Photo via Erika Mitchell

This week, the Vermont Senate passed a bill to legalize the possession of marijuana for recreational use, bringing legalization one step closer to reality. The state House passed the bill last week, and the only remaining hurdle is Gov. Phil Scott, who has already said he would sign the bill into law. “Today the Vermont Senate moved Vermont one step closer to a rational approach to marijuana,” Senate President Pro Tem Tim Ashe said in a statement, as reported by the Associated Press. “Tens of thousands of Vermonters will no longer feel like they’re committing a crime for their private, responsible use of marijuana.”

This is the second year in a row that the Vermont legislature has passed a legalization bill. Last year, Gov. Phil Scott vetoed the bill on grounds that it did not include provisions for preventing youth use of the drug or driving under the influence. At the beginning of this year's legislative session, lawmakers successfully amended the bill to address these concerns, and Gov. Scott has pledged that he would sign it.
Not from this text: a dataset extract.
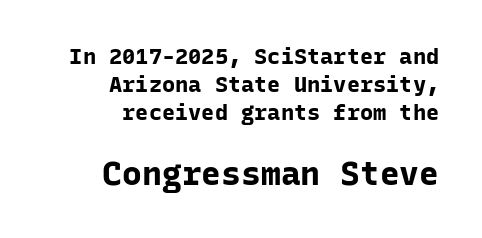
The rendering shows plain stroke endings on the letterforms — a sans-serif design. The passage shown is typed in a monospace face where columns stay perfectly aligned. Thick stems and heavy bowls — unmistakably bold. Rendered with straight, roman letterforms. Successive baselines arrive at the customary interval.

If he does indeed sign it, Vermont will become the first U.S. state to pass a legalization law via their legislature, rather than a ballot measure.

The bill would allow adults aged 21 or older to possess up to an ounce of marijuana and grow two mature or four immature cannabis plants at home starting this July. The bill does not, however, set up a system for taxed and regulated retail sales, as most other rec-legal states have done. State Sen. Ashe said that many Senators still support a taxed sales program, but that “despite our best efforts to convince the House and the governor, that just wasn’t going to happen,” Seven Days reports. Ashe also said that he didn't expect a bill to legalize and regulate retail sales would pass this year.

The noncommercial approach of the Vermont legalization bill is similar to a bill that was just passed by the New Hampshire House of Representatives. That bill would also legalize possession or home-grows of small amounts of marijuana, but would not allow retail sales. Unfortunately the legislation is unlikely to succeed this year, as New Hampshire Gov. Chris Sununu and many members of the state Senate are in firm opposition. Further east in New England, Maine legislators are still struggling to draft regulations for legal cannabis retail sales; 14 months after voters approved a ballot measure to legalize weed.